= THE INPUT =
--------------------------------------------------

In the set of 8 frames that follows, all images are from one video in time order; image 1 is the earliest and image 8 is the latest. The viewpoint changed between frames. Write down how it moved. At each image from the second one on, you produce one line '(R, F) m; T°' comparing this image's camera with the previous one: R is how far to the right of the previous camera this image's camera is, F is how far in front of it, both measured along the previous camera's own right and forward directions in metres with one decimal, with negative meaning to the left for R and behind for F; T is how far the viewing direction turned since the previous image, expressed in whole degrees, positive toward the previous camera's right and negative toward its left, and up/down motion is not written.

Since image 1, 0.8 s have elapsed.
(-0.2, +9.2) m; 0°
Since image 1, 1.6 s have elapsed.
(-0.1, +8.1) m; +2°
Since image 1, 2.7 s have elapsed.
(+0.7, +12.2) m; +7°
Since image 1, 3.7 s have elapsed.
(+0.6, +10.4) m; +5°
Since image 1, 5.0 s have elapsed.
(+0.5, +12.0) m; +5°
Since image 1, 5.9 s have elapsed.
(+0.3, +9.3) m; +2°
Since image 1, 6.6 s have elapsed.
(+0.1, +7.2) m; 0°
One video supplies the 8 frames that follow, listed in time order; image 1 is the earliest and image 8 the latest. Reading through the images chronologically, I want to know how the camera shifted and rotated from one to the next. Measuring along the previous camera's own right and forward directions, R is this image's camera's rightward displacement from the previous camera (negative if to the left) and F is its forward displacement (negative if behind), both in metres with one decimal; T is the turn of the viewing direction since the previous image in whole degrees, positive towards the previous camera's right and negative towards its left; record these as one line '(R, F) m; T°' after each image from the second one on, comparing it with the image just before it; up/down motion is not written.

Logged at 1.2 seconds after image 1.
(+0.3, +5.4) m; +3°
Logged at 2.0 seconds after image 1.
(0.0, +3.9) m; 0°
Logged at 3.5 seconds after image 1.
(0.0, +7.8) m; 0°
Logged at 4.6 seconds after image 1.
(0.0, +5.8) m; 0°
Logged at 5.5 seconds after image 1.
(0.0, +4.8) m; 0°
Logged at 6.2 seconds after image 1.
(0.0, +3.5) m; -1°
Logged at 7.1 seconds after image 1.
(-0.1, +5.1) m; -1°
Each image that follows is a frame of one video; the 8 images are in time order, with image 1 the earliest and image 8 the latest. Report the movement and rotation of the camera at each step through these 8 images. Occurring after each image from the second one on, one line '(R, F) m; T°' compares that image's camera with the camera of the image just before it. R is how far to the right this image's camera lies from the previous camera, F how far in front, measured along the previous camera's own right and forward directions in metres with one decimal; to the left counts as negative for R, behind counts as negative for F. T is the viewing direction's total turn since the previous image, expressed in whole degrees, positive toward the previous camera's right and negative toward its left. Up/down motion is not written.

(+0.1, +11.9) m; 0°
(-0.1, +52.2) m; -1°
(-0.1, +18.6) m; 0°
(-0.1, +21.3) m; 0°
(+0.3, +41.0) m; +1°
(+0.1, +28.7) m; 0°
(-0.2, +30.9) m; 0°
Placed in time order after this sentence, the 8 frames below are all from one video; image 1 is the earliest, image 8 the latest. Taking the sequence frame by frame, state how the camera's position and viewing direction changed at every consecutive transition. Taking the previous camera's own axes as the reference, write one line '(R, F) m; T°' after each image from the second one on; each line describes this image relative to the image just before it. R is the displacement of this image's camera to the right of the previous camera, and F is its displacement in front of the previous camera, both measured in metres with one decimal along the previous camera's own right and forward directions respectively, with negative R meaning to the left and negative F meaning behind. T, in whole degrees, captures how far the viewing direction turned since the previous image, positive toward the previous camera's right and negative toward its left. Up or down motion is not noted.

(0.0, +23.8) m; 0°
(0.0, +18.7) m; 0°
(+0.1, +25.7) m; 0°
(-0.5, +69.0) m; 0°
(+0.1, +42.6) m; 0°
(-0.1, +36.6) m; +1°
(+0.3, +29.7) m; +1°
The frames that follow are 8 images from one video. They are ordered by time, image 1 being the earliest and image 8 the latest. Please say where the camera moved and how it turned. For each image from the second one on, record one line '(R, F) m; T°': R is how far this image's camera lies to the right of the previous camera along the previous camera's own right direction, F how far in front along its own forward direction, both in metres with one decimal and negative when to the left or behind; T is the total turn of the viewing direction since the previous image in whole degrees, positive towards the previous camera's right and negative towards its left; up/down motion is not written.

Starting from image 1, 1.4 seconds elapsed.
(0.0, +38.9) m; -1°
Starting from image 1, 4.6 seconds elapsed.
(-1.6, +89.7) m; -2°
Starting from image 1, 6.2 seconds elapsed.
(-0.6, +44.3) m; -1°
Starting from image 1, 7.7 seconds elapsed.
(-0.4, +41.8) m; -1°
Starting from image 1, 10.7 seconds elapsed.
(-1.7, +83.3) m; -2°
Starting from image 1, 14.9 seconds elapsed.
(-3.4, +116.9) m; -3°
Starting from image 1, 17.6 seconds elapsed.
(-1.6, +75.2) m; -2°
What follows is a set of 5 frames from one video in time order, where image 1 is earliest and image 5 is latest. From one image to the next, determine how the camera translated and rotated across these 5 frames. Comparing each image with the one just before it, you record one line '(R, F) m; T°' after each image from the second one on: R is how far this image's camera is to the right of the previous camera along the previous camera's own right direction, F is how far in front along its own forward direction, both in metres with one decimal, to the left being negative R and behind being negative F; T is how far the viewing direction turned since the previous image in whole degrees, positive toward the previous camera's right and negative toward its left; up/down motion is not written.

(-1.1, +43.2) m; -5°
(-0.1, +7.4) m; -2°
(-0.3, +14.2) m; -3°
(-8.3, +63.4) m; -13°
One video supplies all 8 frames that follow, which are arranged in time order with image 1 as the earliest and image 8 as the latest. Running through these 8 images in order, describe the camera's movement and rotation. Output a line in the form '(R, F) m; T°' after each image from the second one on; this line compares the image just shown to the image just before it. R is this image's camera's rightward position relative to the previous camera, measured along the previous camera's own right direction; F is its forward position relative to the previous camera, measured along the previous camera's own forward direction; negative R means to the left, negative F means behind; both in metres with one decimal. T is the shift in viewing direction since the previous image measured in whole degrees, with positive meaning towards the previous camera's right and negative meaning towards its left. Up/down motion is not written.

--------------------------------------------------

= TASK ITEM =
All of the data is to be transcribed exactly as written.

= EXERCISE ANSWER =
In the set of 8 frames that follows, all images are from one video in time order; image 1 is the earliest and image 8 is the latest. The viewpoint changed between frames. Write down how it moved. At each image from the second one on, you produce one line '(R, F) m; T°' comparing this image's camera with the previous one: R is how far to the right of the previous camera this image's camera is, F is how far in front of it, both measured along the previous camera's own right and forward directions in metres with one decimal, with negative meaning to the left for R and behind for F; T is how far the viewing direction turned since the previous image, expressed in whole degrees, positive toward the previous camera's right and negative toward its left, and up/down motion is not written.

Since image 1, 0.8 s have elapsed.
(-0.2, +9.2) m; 0°
Since image 1, 1.6 s have elapsed.
(-0.1, +8.1) m; +2°
Since image 1, 2.7 s have elapsed.
(+0.7, +12.2) m; +7°
Since image 1, 3.7 s have elapsed.
(+0.6, +10.4) m; +5°
Since image 1, 5.0 s have elapsed.
(+0.5, +12.0) m; +5°
Since image 1, 5.9 s have elapsed.
(+0.3, +9.3) m; +2°
Since image 1, 6.6 s have elapsed.
(+0.1, +7.2) m; 0°
One video supplies the 8 frames that follow, listed in time order; image 1 is the earliest and image 8 the latest. Reading through the images chronologically, I want to know how the camera shifted and rotated from one to the next. Measuring along the previous camera's own right and forward directions, R is this image's camera's rightward displacement from the previous camera (negative if to the left) and F is its forward displacement (negative if behind), both in metres with one decimal; T is the turn of the viewing direction since the previous image in whole degrees, positive towards the previous camera's right and negative towards its left; record these as one line '(R, F) m; T°' after each image from the second one on, comparing it with the image just before it; up/down motion is not written.

Logged at 1.2 seconds after image 1.
(+0.3, +5.4) m; +3°
Logged at 2.0 seconds after image 1.
(0.0, +3.9) m; 0°
Logged at 3.5 seconds after image 1.
(0.0, +7.8) m; 0°
Logged at 4.6 seconds after image 1.
(0.0, +5.8) m; 0°
Logged at 5.5 seconds after image 1.
(0.0, +4.8) m; 0°
Logged at 6.2 seconds after image 1.
(0.0, +3.5) m; -1°
Logged at 7.1 seconds after image 1.
(-0.1, +5.1) m; -1°
Each image that follows is a frame of one video; the 8 images are in time order, with image 1 the earliest and image 8 the latest. Report the movement and rotation of the camera at each step through these 8 images. Occurring after each image from the second one on, one line '(R, F) m; T°' compares that image's camera with the camera of the image just before it. R is how far to the right this image's camera lies from the previous camera, F how far in front, measured along the previous camera's own right and forward directions in metres with one decimal; to the left counts as negative for R, behind counts as negative for F. T is the viewing direction's total turn since the previous image, expressed in whole degrees, positive toward the previous camera's right and negative toward its left. Up/down motion is not written.

(+0.1, +11.9) m; 0°
(-0.1, +52.2) m; -1°
(-0.1, +18.6) m; 0°
(-0.1, +21.3) m; 0°
(+0.3, +41.0) m; +1°
(+0.1, +28.7) m; 0°
(-0.2, +30.9) m; 0°
Placed in time order after this sentence, the 8 frames below are all from one video; image 1 is the earliest, image 8 the latest. Taking the sequence frame by frame, state how the camera's position and viewing direction changed at every consecutive transition. Taking the previous camera's own axes as the reference, write one line '(R, F) m; T°' after each image from the second one on; each line describes this image relative to the image just before it. R is the displacement of this image's camera to the right of the previous camera, and F is its displacement in front of the previous camera, both measured in metres with one decimal along the previous camera's own right and forward directions respectively, with negative R meaning to the left and negative F meaning behind. T, in whole degrees, captures how far the viewing direction turned since the previous image, positive toward the previous camera's right and negative toward its left. Up or down motion is not noted.

(0.0, +23.8) m; 0°
(0.0, +18.7) m; 0°
(+0.1, +25.7) m; 0°
(-0.5, +69.0) m; 0°
(+0.1, +42.6) m; 0°
(-0.1, +36.6) m; +1°
(+0.3, +29.7) m; +1°
The frames that follow are 8 images from one video. They are ordered by time, image 1 being the earliest and image 8 the latest. Please say where the camera moved and how it turned. For each image from the second one on, record one line '(R, F) m; T°': R is how far this image's camera lies to the right of the previous camera along the previous camera's own right direction, F how far in front along its own forward direction, both in metres with one decimal and negative when to the left or behind; T is the total turn of the viewing direction since the previous image in whole degrees, positive towards the previous camera's right and negative towards its left; up/down motion is not written.

Starting from image 1, 1.4 seconds elapsed.
(0.0, +38.9) m; -1°
Starting from image 1, 4.6 seconds elapsed.
(-1.6, +89.7) m; -2°
Starting from image 1, 6.2 seconds elapsed.
(-0.6, +44.3) m; -1°
Starting from image 1, 7.7 seconds elapsed.
(-0.4, +41.8) m; -1°
Starting from image 1, 10.7 seconds elapsed.
(-1.7, +83.3) m; -2°
Starting from image 1, 14.9 seconds elapsed.
(-3.4, +116.9) m; -3°
Starting from image 1, 17.6 seconds elapsed.
(-1.6, +75.2) m; -2°
What follows is a set of 5 frames from one video in time order, where image 1 is earliest and image 5 is latest. From one image to the next, determine how the camera translated and rotated across these 5 frames. Comparing each image with the one just before it, you record one line '(R, F) m; T°' after each image from the second one on: R is how far this image's camera is to the right of the previous camera along the previous camera's own right direction, F is how far in front along its own forward direction, both in metres with one decimal, to the left being negative R and behind being negative F; T is how far the viewing direction turned since the previous image in whole degrees, positive toward the previous camera's right and negative toward its left; up/down motion is not written.

(-1.1, +43.2) m; -5°
(-0.1, +7.4) m; -2°
(-0.3, +14.2) m; -3°
(-8.3, +63.4) m; -13°
One video supplies all 8 frames that follow, which are arranged in time order with image 1 as the earliest and image 8 as the latest. Running through these 8 images in order, describe the camera's movement and rotation. Output a line in the form '(R, F) m; T°' after each image from the second one on; this line compares the image just shown to the image just before it. R is this image's camera's rightward position relative to the previous camera, measured along the previous camera's own right direction; F is its forward position relative to the previous camera, measured along the previous camera's own forward direction; negative R means to the left, negative F means behind; both in metres with one decimal. T is the shift in viewing direction since the previous image measured in whole degrees, with positive meaning towards the previous camera's right and negative meaning towards its left. Up/down motion is not written.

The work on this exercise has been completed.